I don’t think it will continue apace (outside the resource sector) unless private spending makes a sustained pick up.
My home town of Gladstone is about to become the focal point of a new LNG boom. The preliminary stages of a number of gas plant constructions are beginning now. Construction of the first plant alone will require around 7000 workers. The forecasts are that our permanent population will double within 10 years to become a major provincial city. In order to take advantage of this, strong investment intentions are building (the public notice signs are up for a housing development submitted for approval that will be the size of a small town – AND just down the road from me, shattering my semi-rural peace and quiet!).
But this and other proposals all hinge on the assumption that there will be a huge and sustained boom in demand for housing, goods and services. I think many people are overestimating the effect of the LNG boom on Gladstone.
I had a long conversation with a mate who now works for LNG in the preliminaries and he basically confirmed most of my thoughts about the situation, himself having been approached by one of the big bosses who asked him, as a local how did he think other locals felt about the situation. This boom will not be like any other that this industrial town has experienced over the years. Traditionally, a major construction construction project would last 4-5 years and construction workers would flood the town. The married men would bring their families and the towns semi-permanent population would swell. They needed to buy or at least rent houses and to then fill them with all manner of goods. The semi-permanent residency of large numbers of workers and their families created strong local demand for goods and services.

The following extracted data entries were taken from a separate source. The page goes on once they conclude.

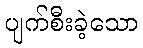
ပျက်စီးခဲ့သော
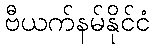
ဗီယက်နမ်နိုင်ငံ
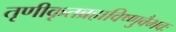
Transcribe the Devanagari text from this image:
तृणीकृतब्रह्मविष्णुवैभवः
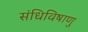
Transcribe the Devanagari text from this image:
संधिविषाणु
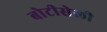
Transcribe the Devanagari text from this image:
बोटीसेली

But this situation will now change. There is a new kid on the block – the FIFO (fly in/ fly out worker) and the workforce will consist mainly of these. Few locals will be needed. FIFO’s reside permanently in other parts of the country (Perth, Brisbane, Sydney etc). They do not need houses for their families since they do not bring them, they live in workers camps and rental accomodation. They do not require anything like the level of local goods and services that a more settled workforce does. They have home and families on the other side of the country – they will fly in, work their shift and then fly home again, taking most of their money with them.
If much of the income generated simply bypasses the town, where is the ongoing demand needed to support the investment currently gearing up going to come from? If significant amounts of money from the projects do not enter our local economy, why would huge numbers of secondary jobs be created? After all, they can only be sustained if there is ongoing demand. Something of a “gold rush mentality” is prevailing here at present – I think some of the forecasts are wildly optimistic.
Long story short – private investment is good but if, for whatever reason(s), private consumption spending fails to grow to match it, it will probably end up withering on the vine.
Does anybody know what is how and how much iron ore production is currently taxed in Australia? I’d appreciate any link.
MamMoth,
do you mean the state royalties on iron ore? Google stuff about WA increasing royalties because stories I read had the numbers. From memory lump and fines were taxed at different rates and what WA was actually proposed was to rise one so both were the same.
Mike, I googled but couldn’t find what I’m looking for. I read something about WA raising its taxes which will reduce the income from taxes at the national level… I know the former is about 7%, the latter about 30% but I don’t know if these percentages apply to income, or profits, or whatever, and if there are additional corporate taxes that also apply to iron ore production.